[Stored data entries]
◇ ◇ ◇ ◇
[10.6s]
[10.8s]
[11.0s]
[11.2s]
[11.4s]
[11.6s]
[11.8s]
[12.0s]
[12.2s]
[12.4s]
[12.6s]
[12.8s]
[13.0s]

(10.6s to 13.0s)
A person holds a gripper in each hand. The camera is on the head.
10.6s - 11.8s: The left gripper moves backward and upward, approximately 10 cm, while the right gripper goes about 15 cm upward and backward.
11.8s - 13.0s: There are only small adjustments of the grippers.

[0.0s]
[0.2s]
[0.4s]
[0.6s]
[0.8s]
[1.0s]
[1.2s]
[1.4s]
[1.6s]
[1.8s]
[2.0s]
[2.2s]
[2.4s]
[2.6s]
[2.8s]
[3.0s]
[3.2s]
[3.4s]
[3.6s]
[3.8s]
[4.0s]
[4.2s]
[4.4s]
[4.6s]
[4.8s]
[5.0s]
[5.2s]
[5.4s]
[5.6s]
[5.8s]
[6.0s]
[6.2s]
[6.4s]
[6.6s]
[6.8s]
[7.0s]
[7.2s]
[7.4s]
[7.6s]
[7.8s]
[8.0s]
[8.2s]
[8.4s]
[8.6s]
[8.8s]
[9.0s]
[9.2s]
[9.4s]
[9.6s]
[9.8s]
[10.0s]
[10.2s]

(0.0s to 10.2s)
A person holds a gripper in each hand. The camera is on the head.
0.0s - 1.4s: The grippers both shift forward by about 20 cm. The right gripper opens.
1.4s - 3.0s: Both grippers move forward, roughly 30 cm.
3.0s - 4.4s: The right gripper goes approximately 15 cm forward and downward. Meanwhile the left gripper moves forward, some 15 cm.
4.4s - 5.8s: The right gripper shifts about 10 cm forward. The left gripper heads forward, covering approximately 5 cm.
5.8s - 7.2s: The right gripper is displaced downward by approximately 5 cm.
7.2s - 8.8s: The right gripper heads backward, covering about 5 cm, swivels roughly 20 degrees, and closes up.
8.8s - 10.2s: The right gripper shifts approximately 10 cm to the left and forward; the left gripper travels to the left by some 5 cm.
◇ ◇ ◇ ◇
Repeat all the lines above, keeping them exactly as they are.

# REPLY TO THE EXERCISE
[10.6s]
[10.8s]
[11.0s]
[11.2s]
[11.4s]
[11.6s]
[11.8s]
[12.0s]
[12.2s]
[12.4s]
[12.6s]
[12.8s]
[13.0s]

(10.6s to 13.0s)
A person holds a gripper in each hand. The camera is on the head.
10.6s - 11.8s: The left gripper moves backward and upward, approximately 10 cm, while the right gripper goes about 15 cm upward and backward.
11.8s - 13.0s: There are only small adjustments of the grippers.

[0.0s]
[0.2s]
[0.4s]
[0.6s]
[0.8s]
[1.0s]
[1.2s]
[1.4s]
[1.6s]
[1.8s]
[2.0s]
[2.2s]
[2.4s]
[2.6s]
[2.8s]
[3.0s]
[3.2s]
[3.4s]
[3.6s]
[3.8s]
[4.0s]
[4.2s]
[4.4s]
[4.6s]
[4.8s]
[5.0s]
[5.2s]
[5.4s]
[5.6s]
[5.8s]
[6.0s]
[6.2s]
[6.4s]
[6.6s]
[6.8s]
[7.0s]
[7.2s]
[7.4s]
[7.6s]
[7.8s]
[8.0s]
[8.2s]
[8.4s]
[8.6s]
[8.8s]
[9.0s]
[9.2s]
[9.4s]
[9.6s]
[9.8s]
[10.0s]
[10.2s]

(0.0s to 10.2s)
A person holds a gripper in each hand. The camera is on the head.
0.0s - 1.4s: The grippers both shift forward by about 20 cm. The right gripper opens.
1.4s - 3.0s: Both grippers move forward, roughly 30 cm.
3.0s - 4.4s: The right gripper goes approximately 15 cm forward and downward. Meanwhile the left gripper moves forward, some 15 cm.
4.4s - 5.8s: The right gripper shifts about 10 cm forward. The left gripper heads forward, covering approximately 5 cm.
5.8s - 7.2s: The right gripper is displaced downward by approximately 5 cm.
7.2s - 8.8s: The right gripper heads backward, covering about 5 cm, swivels roughly 20 degrees, and closes up.
8.8s - 10.2s: The right gripper shifts approximately 10 cm to the left and forward; the left gripper travels to the left by some 5 cm.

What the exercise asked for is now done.